Anyone who's ever had a job has probably fantasized about shutting that part of their brain off entirely. Severance asks: what if you could? And what if the version of you stuck at work didn't agree to the deal? Equal parts workplace satire, psychological thriller, and corporate horror story, it makes The Office look like a team-building retreat.
Severance is a show about identity – who we are at work, who we are outside of it, and what happens when those two people become strangers to each other. If they met, would they like what they see? The mystery hooks you. The obsession comes from trying to figure out if Lumon is a company, a cult, or something much weirder.

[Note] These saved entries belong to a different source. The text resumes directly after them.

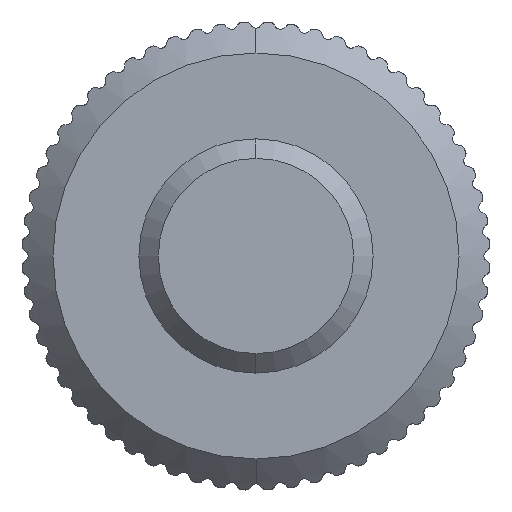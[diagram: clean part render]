
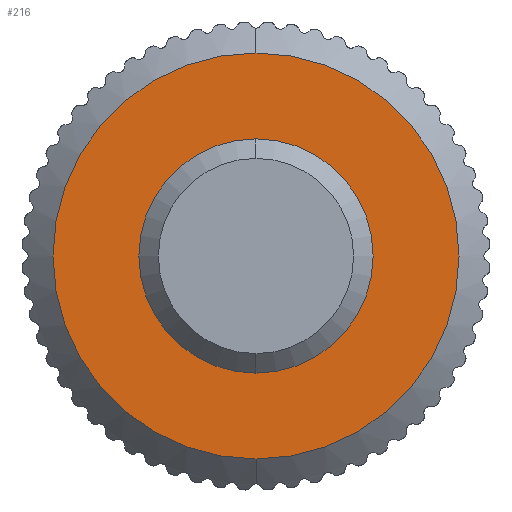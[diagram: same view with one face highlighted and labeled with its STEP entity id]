
A CAD part, left-side view. The second image highlights one B-rep face of the part: STEP entity #216.
In plain terms, the highlighted planar face has unit normal (-1, 0, 0).
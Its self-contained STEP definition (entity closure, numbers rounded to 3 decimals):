
#216 = ADVANCED_FACE ( 'NONE', ( #12365, #8794 ), #11524, .F. ) ;
#270 = VERTEX_POINT ( 'NONE', #8063 ) ;
#1010 = CARTESIAN_POINT ( 'NONE',  ( 5., 3., 0. ) ) ;
#1218 = EDGE_CURVE ( 'NONE', #10761, #270, #1760, .T. ) ;
#1760 = CIRCLE ( 'NONE', #6401, 3. ) ;
#2568 = AXIS2_PLACEMENT_3D ( 'NONE', #1010, #5133, #10915 ) ;
#2783 = CARTESIAN_POINT ( 'NONE',  ( 5., 0., 0. ) ) ;
#2860 = EDGE_CURVE ( 'NONE', #10322, #12959, #16196, .T. ) ;
#3469 = DIRECTION ( 'NONE',  ( 0., 0., 1. ) ) ;
#3491 = DIRECTION ( 'NONE',  ( 1., 0., 0. ) ) ;
#3513 = DIRECTION ( 'NONE',  ( -1., 0., 0. ) ) ;
#3534 = CARTESIAN_POINT ( 'NONE',  ( 5., 0., 0. ) ) ;
#3974 = EDGE_CURVE ( 'NONE', #12959, #10322, #10755, .T. ) ;
#3976 = AXIS2_PLACEMENT_3D ( 'NONE', #11969, #11911, #11859 ) ;
#4093 = CARTESIAN_POINT ( 'NONE',  ( 5., 0., 5.2 ) ) ;
#5133 = DIRECTION ( 'NONE',  ( 1., 0., 0. ) ) ;
#6211 = EDGE_CURVE ( 'NONE', #270, #10761, #10287, .T. ) ;
#6250 = AXIS2_PLACEMENT_3D ( 'NONE', #2783, #3491, #17473 ) ;
#6320 = ORIENTED_EDGE ( 'NONE', *, *, #2860, .F. ) ;
#6348 = AXIS2_PLACEMENT_3D ( 'NONE', #16013, #15959, #15900 ) ;
#6401 = AXIS2_PLACEMENT_3D ( 'NONE', #3534, #3513, #3469 ) ;
#7061 = CARTESIAN_POINT ( 'NONE',  ( 5., 0., -3. ) ) ;
#8063 = CARTESIAN_POINT ( 'NONE',  ( 5., 0., 3. ) ) ;
#8103 = ORIENTED_EDGE ( 'NONE', *, *, #1218, .F. ) ;
#8794 = FACE_OUTER_BOUND ( 'NONE', #11141, .T. ) ;
#10287 = CIRCLE ( 'NONE', #3976, 3. ) ;
#10322 = VERTEX_POINT ( 'NONE', #4093 ) ;
#10755 = CIRCLE ( 'NONE', #6250, 5.2 ) ;
#10761 = VERTEX_POINT ( 'NONE', #7061 ) ;
#10915 = DIRECTION ( 'NONE',  ( 0., 0., -1. ) ) ;
#11141 = EDGE_LOOP ( 'NONE', ( #12422, #6320 ) ) ;
#11524 = PLANE ( 'NONE',  #2568 ) ;
#11859 = DIRECTION ( 'NONE',  ( 0., 0., 1. ) ) ;
#11911 = DIRECTION ( 'NONE',  ( -1., 0., 0. ) ) ;
#11969 = CARTESIAN_POINT ( 'NONE',  ( 5., 0., 0. ) ) ;
#12365 = FACE_BOUND ( 'NONE', #16917, .T. ) ;
#12422 = ORIENTED_EDGE ( 'NONE', *, *, #3974, .F. ) ;
#12959 = VERTEX_POINT ( 'NONE', #17551 ) ;
#15406 = ORIENTED_EDGE ( 'NONE', *, *, #6211, .F. ) ;
#15900 = DIRECTION ( 'NONE',  ( 0., 0., -1. ) ) ;
#15959 = DIRECTION ( 'NONE',  ( 1., 0., 0. ) ) ;
#16013 = CARTESIAN_POINT ( 'NONE',  ( 5., 0., 0. ) ) ;
#16196 = CIRCLE ( 'NONE', #6348, 5.2 ) ;
#16917 = EDGE_LOOP ( 'NONE', ( #15406, #8103 ) ) ;
#17473 = DIRECTION ( 'NONE',  ( 0., 0., -1. ) ) ;
#17551 = CARTESIAN_POINT ( 'NONE',  ( 5., 0., -5.2 ) ) ;

Created by Dan Erickson and directed by Ben Stiller, Severance lands in the lineage of Lost-style mystery boxes and corporate-horror sci-fi like The Stepford Wives, but it doesn't feel borrowed from anything. The clean Lumon hallways. The eerie 1970s-corporate aesthetic. The deadpan office banter. Every aspect of the show feels intentional.
Fair warning: Severance was an ordeal to get into. It took some of us three episodes — multiple times — but holy shit it's worth it. It's the kind of show that quietly takes over your life. You don't just watch it – you obsess over it, theorize about it, and accidentally bring it up at dinner three nights in a row.
One minute you're watching awkward office romances and painfully sincere wellness sessions; the next it's marching bands, office disco parties, weird corporate rituals, and people wrangling sheep for reasons the show refuses to explain. You might not get it, but somehow, it all makes sense.
Severance is one of the rare shows that earns obsession. Weird, funny, and completely absorbing. It's the kind of television that hijacks group chats and watercoolers for weeks. Watch it.
The Breakdown
Performances
Half this cast is basically playing two different people. Adam Scott makes dead-eyed exhaustion riveting. Britt Lower and Zach Cherry are phenomenal, Patricia Arquette turns middle management into existential domination, and John Turturro and Christopher Walken make hallway flirting feel devastatingly romantic. And Trammell Tillman walks away with the whole show.

What You Come Here For
Some of the craziest shit you'll see on television and a mystery-box rabbit hole that demands a Reddit thread.

Best Episode
The We We Are (S1E9) – one of the best cliffhangers television's delivered in years.

Weak Spots
Severance demands patience. Not because it's slow, but because you might spend the first few episodes wondering what the hell is going on.

Pair With

Included In
What Our
Ratings Mean
Learn More →The Heroes: These are the shows that change the game. The ones that stay with you and we'll recommend over and over.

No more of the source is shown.